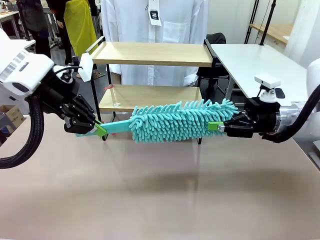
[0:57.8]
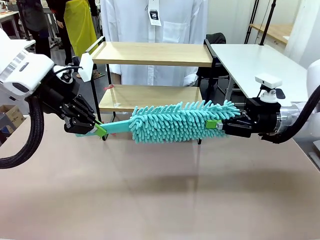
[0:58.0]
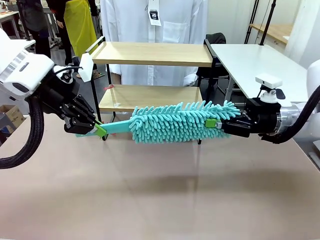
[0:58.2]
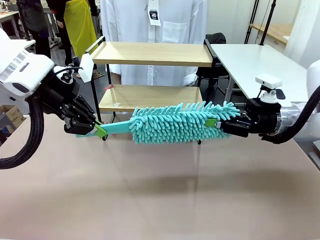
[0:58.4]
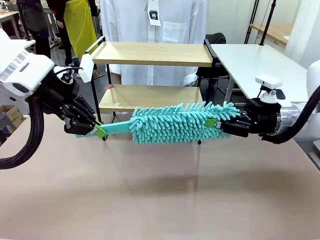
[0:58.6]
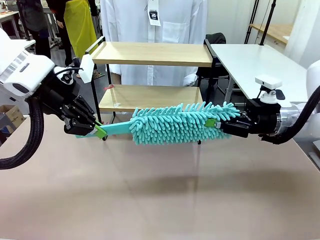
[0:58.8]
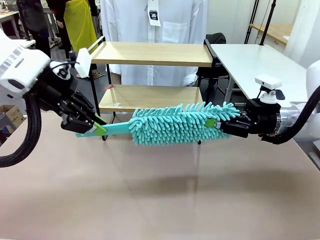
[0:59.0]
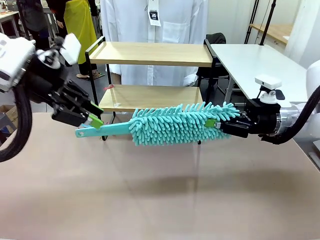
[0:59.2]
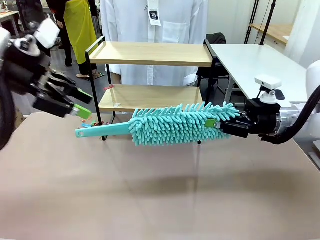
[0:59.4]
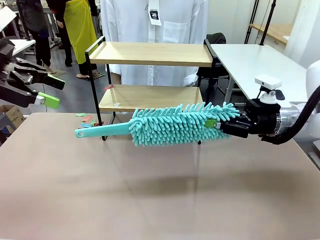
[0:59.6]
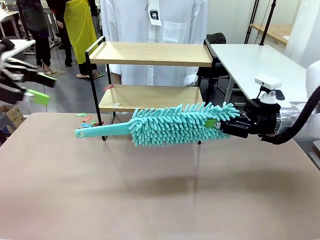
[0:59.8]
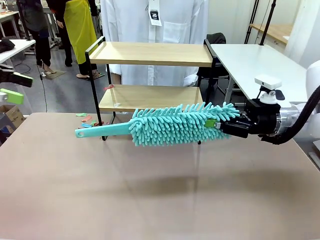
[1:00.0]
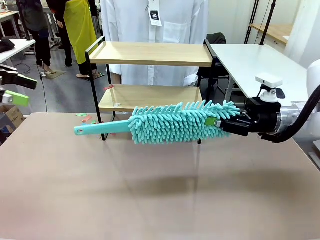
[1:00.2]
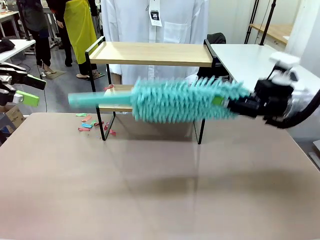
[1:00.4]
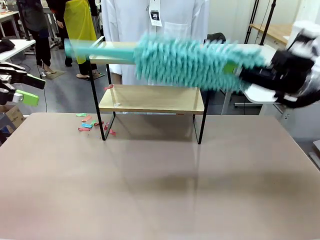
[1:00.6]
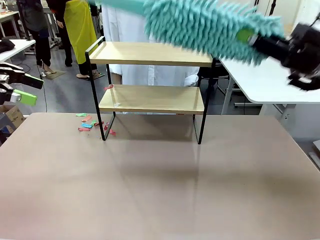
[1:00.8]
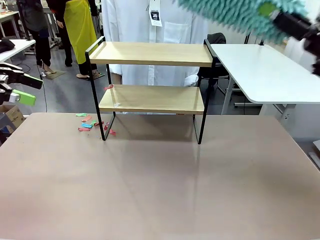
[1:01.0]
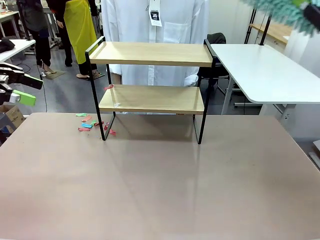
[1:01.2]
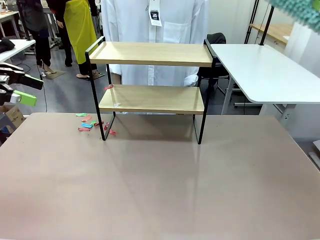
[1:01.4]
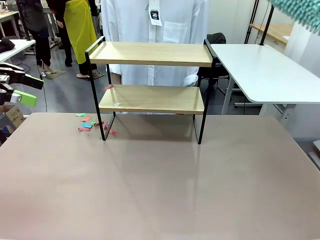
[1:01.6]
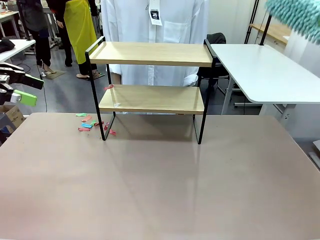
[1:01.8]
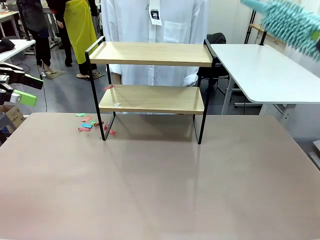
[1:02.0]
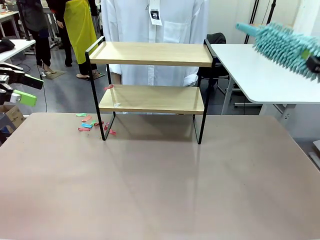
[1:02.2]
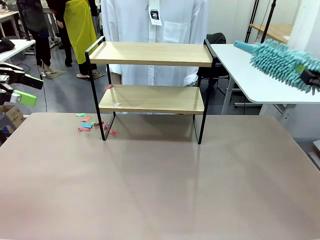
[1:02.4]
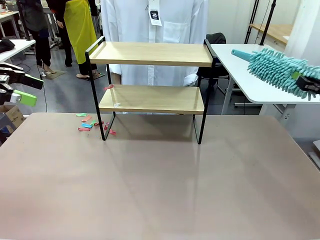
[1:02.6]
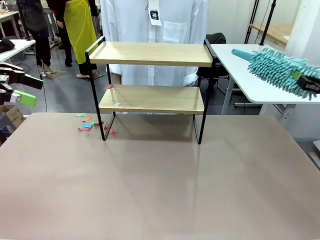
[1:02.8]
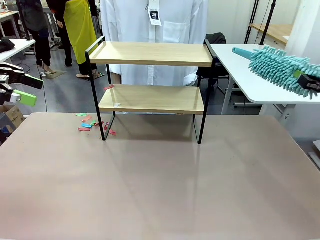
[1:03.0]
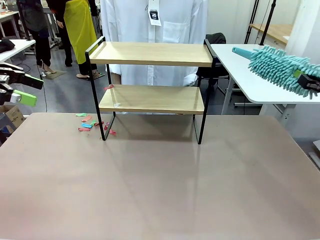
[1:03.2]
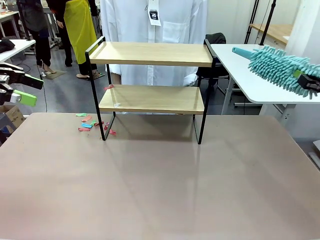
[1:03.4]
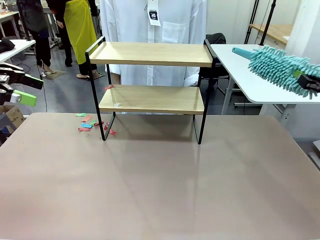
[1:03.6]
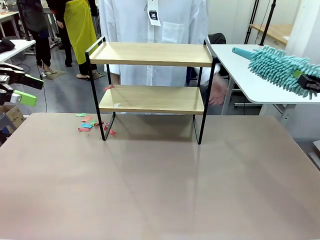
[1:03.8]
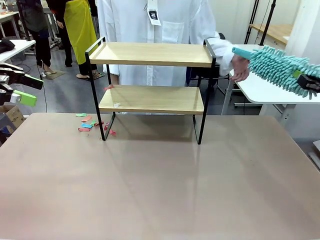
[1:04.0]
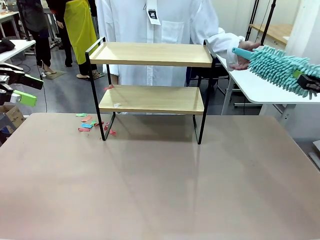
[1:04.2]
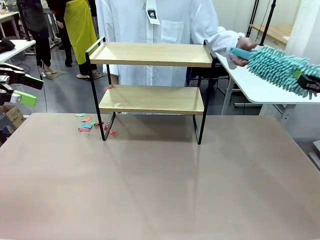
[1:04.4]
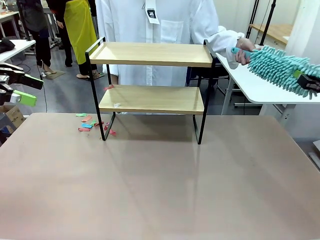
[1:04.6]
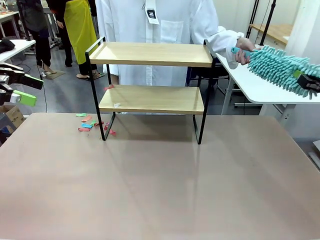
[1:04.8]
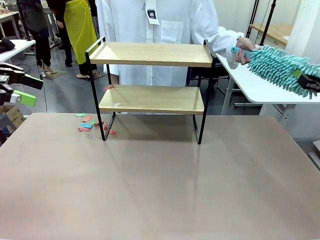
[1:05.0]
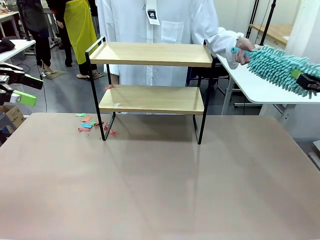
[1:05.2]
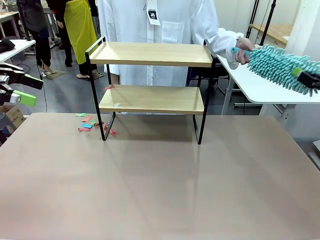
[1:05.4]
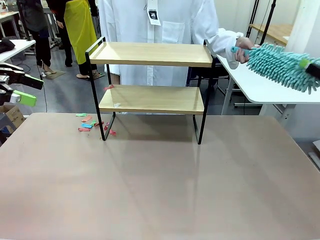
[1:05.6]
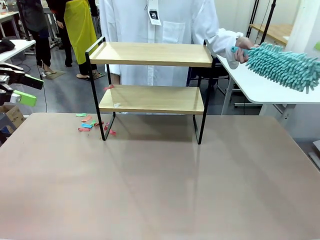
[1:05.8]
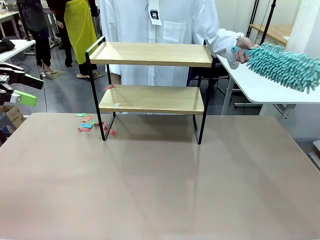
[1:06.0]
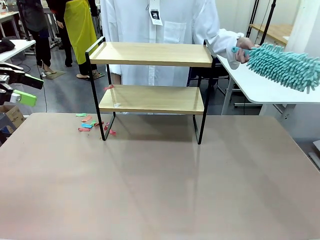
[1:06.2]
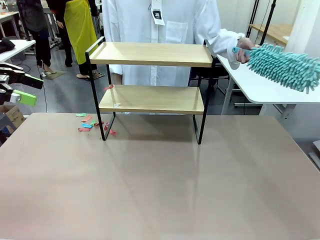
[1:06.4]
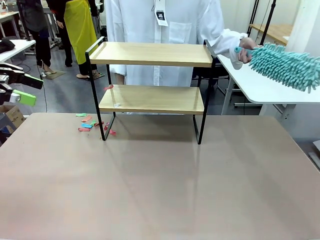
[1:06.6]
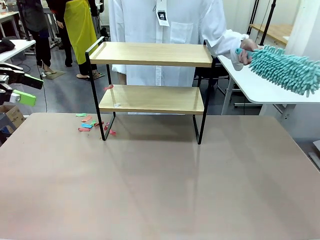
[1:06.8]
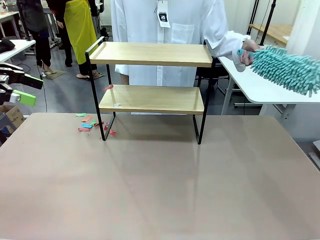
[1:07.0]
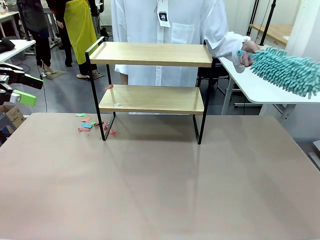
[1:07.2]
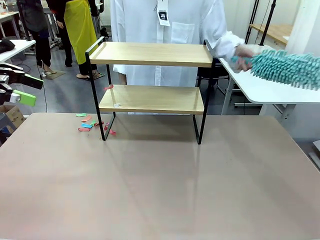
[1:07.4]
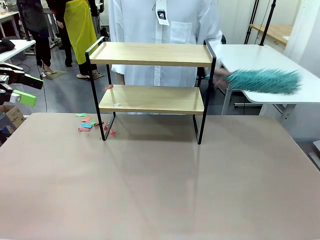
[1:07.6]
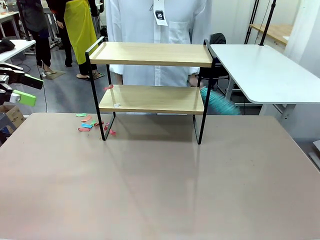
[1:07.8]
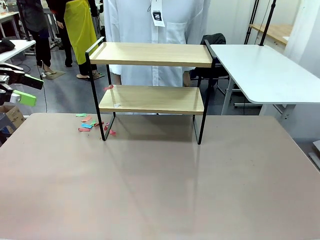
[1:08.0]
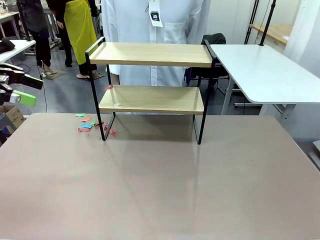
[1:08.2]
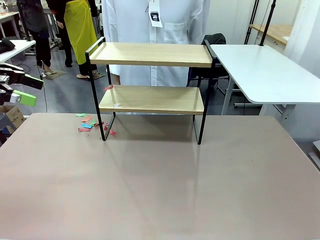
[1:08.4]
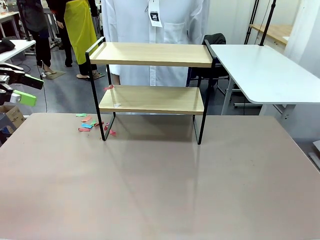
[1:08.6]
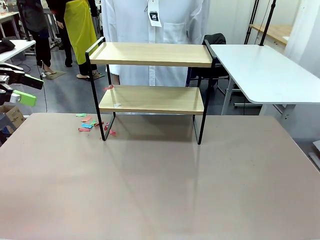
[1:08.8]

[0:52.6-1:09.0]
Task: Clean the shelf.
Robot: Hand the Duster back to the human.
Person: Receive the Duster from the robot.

- Task brief -
Give an exact copy of the entries, excluding all pictures.

- Response -
[0:57.8]
[0:58.0]
[0:58.2]
[0:58.4]
[0:58.6]
[0:58.8]
[0:59.0]
[0:59.2]
[0:59.4]
[0:59.6]
[0:59.8]
[1:00.0]
[1:00.2]
[1:00.4]
[1:00.6]
[1:00.8]
[1:01.0]
[1:01.2]
[1:01.4]
[1:01.6]
[1:01.8]
[1:02.0]
[1:02.2]
[1:02.4]
[1:02.6]
[1:02.8]
[1:03.0]
[1:03.2]
[1:03.4]
[1:03.6]
[1:03.8]
[1:04.0]
[1:04.2]
[1:04.4]
[1:04.6]
[1:04.8]
[1:05.0]
[1:05.2]
[1:05.4]
[1:05.6]
[1:05.8]
[1:06.0]
[1:06.2]
[1:06.4]
[1:06.6]
[1:06.8]
[1:07.0]
[1:07.2]
[1:07.4]
[1:07.6]
[1:07.8]
[1:08.0]
[1:08.2]
[1:08.4]
[1:08.6]
[1:08.8]

[0:52.6-1:09.0]
Task: Clean the shelf.
Robot: Hand the Duster back to the human.
Person: Receive the Duster from the robot.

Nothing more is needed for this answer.